Data segment
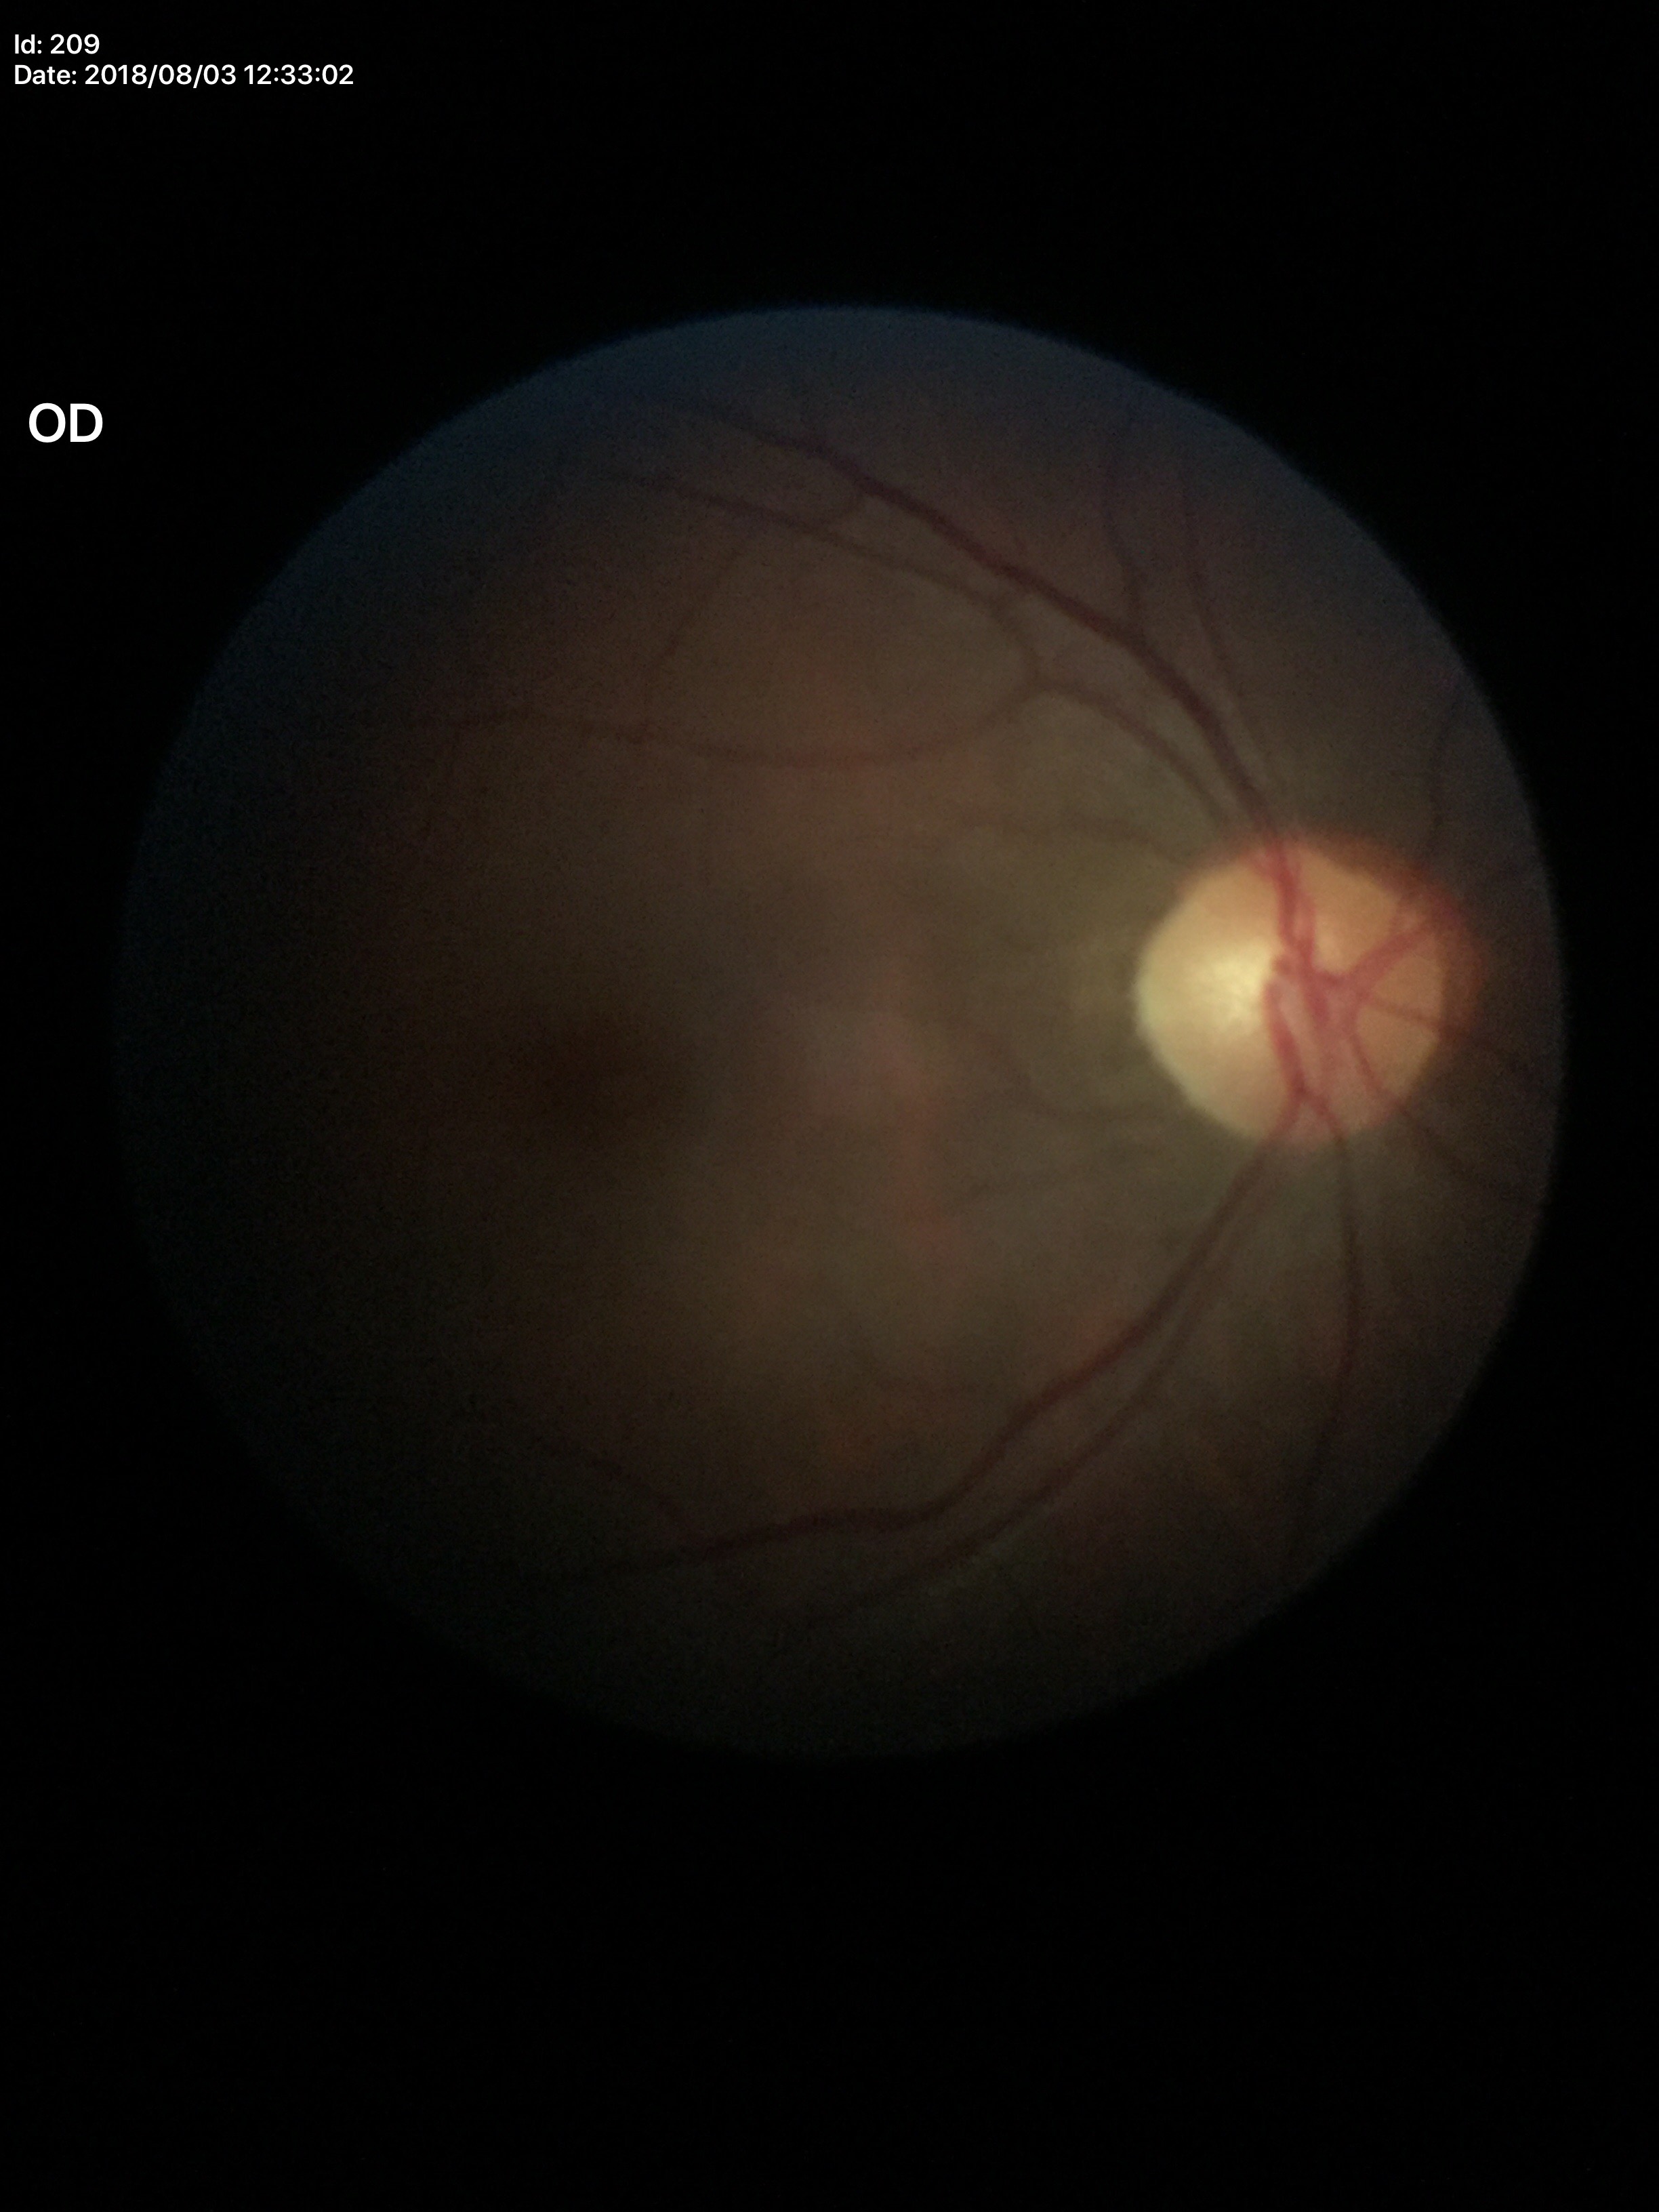
Glaucoma screening = negative, VCDR = 0.49.
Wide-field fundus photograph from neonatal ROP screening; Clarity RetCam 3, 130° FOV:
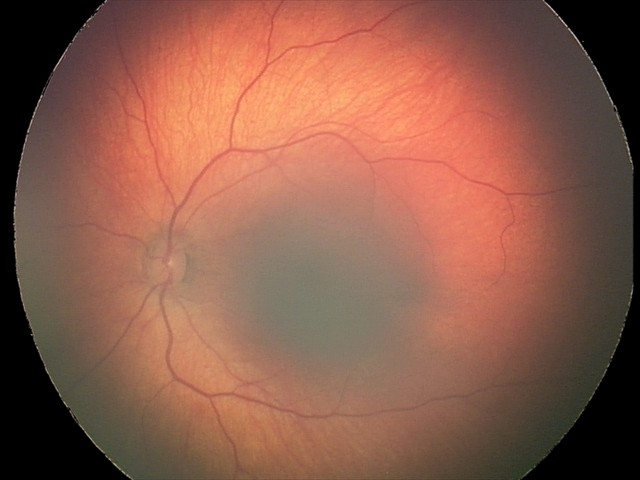
Assessment: retinal hemorrhages.

Task to complete
Repeat the data in full, exactly as it stands, but drop every picture.

Task result
Glaucoma screening = negative, VCDR = 0.49.
Wide-field fundus photograph from neonatal ROP screening; Clarity RetCam 3, 130° FOV:
Assessment: retinal hemorrhages.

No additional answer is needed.